● Provided data

____________

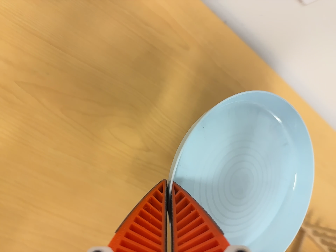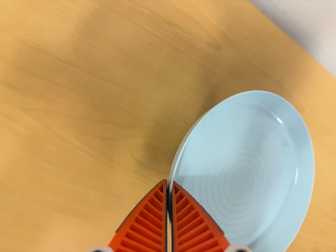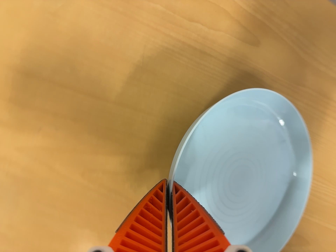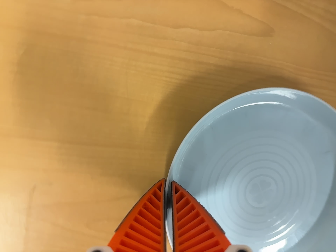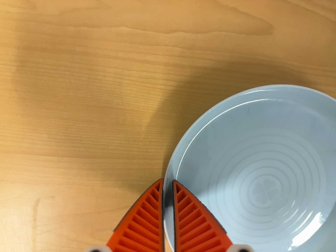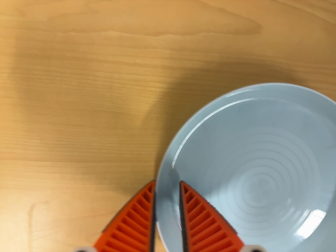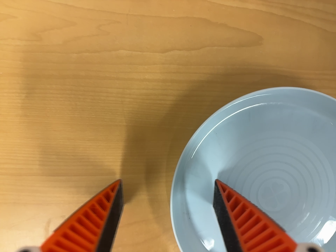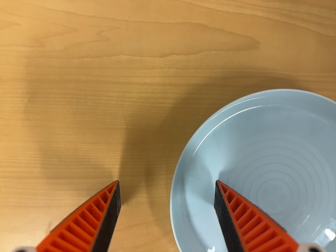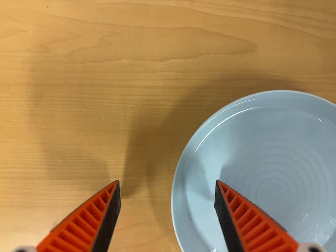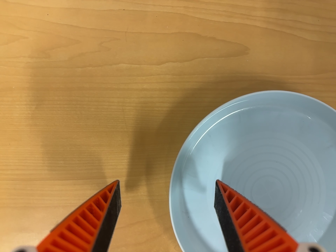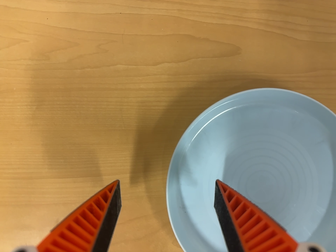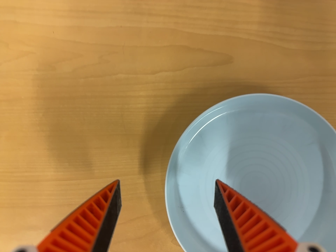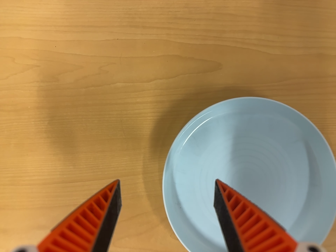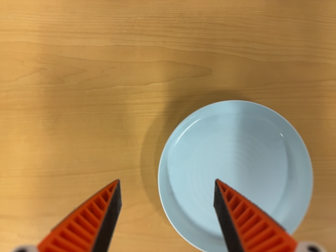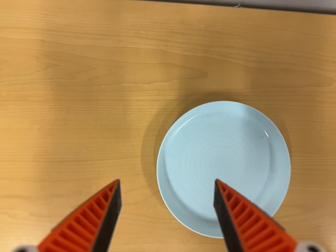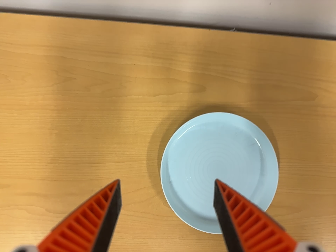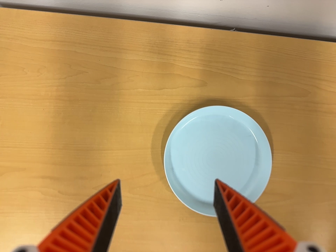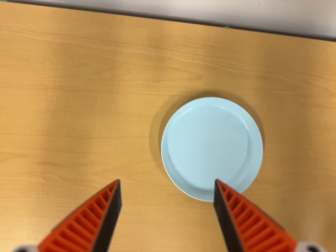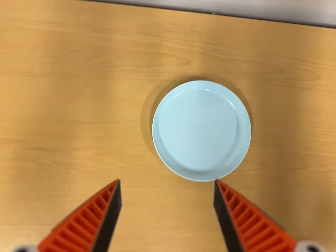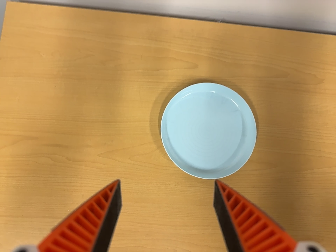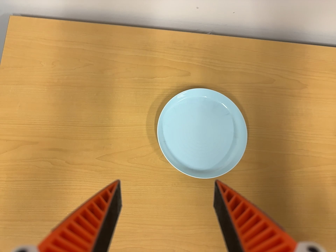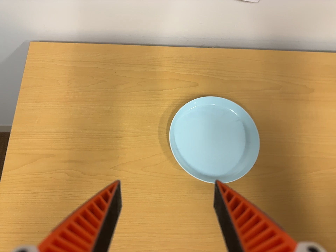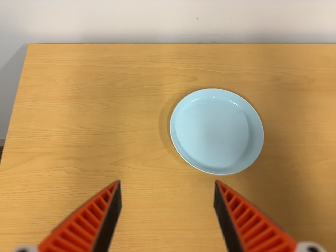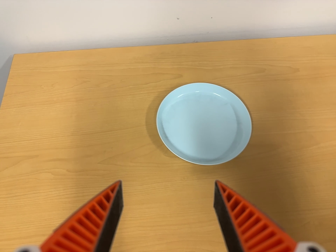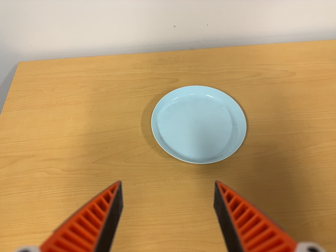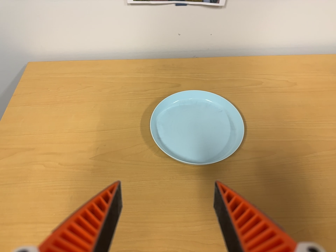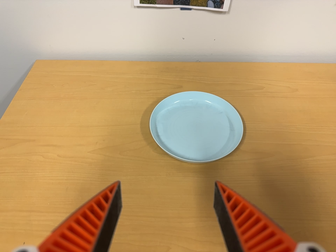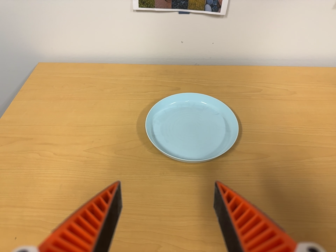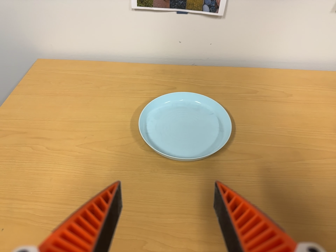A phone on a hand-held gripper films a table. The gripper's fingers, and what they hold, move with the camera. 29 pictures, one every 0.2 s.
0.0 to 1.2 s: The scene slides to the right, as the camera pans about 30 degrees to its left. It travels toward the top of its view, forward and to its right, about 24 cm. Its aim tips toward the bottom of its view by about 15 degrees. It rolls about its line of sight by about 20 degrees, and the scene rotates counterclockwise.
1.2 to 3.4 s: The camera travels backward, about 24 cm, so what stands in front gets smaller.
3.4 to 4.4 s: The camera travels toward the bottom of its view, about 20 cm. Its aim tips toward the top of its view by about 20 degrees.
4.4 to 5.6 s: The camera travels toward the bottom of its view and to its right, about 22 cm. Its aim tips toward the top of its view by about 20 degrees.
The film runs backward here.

____________

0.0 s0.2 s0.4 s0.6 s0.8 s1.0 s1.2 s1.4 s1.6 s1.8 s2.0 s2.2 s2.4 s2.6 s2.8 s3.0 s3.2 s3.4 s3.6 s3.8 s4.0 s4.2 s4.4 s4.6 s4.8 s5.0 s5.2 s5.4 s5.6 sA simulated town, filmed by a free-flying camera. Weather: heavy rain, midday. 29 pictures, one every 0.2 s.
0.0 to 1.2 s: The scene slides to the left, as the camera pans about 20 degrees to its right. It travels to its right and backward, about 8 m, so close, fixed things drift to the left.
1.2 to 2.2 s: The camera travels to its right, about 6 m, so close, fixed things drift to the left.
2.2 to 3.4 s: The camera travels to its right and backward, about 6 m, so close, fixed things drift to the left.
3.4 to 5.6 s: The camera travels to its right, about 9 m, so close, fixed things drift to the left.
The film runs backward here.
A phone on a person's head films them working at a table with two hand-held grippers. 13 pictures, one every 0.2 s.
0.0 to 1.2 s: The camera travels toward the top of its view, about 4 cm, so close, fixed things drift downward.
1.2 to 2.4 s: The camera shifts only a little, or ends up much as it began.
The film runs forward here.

____________

● Prompt
Please return only the lines above, starting at the line that has "0.0 to 1.2 s: The scene slides to the left, as" and ending at the line that has "A phone on a person's", keeping both and leaving each one unchanged.

● Result of the exercise
0.0 to 1.2 s: The scene slides to the left, as the camera pans about 20 degrees to its right. It travels to its right and backward, about 8 m, so close, fixed things drift to the left.
1.2 to 2.2 s: The camera travels to its right, about 6 m, so close, fixed things drift to the left.
2.2 to 3.4 s: The camera travels to its right and backward, about 6 m, so close, fixed things drift to the left.
3.4 to 5.6 s: The camera travels to its right, about 9 m, so close, fixed things drift to the left.
The film runs backward here.
A phone on a person's head films them working at a table with two hand-held grippers. 13 pictures, one every 0.2 s.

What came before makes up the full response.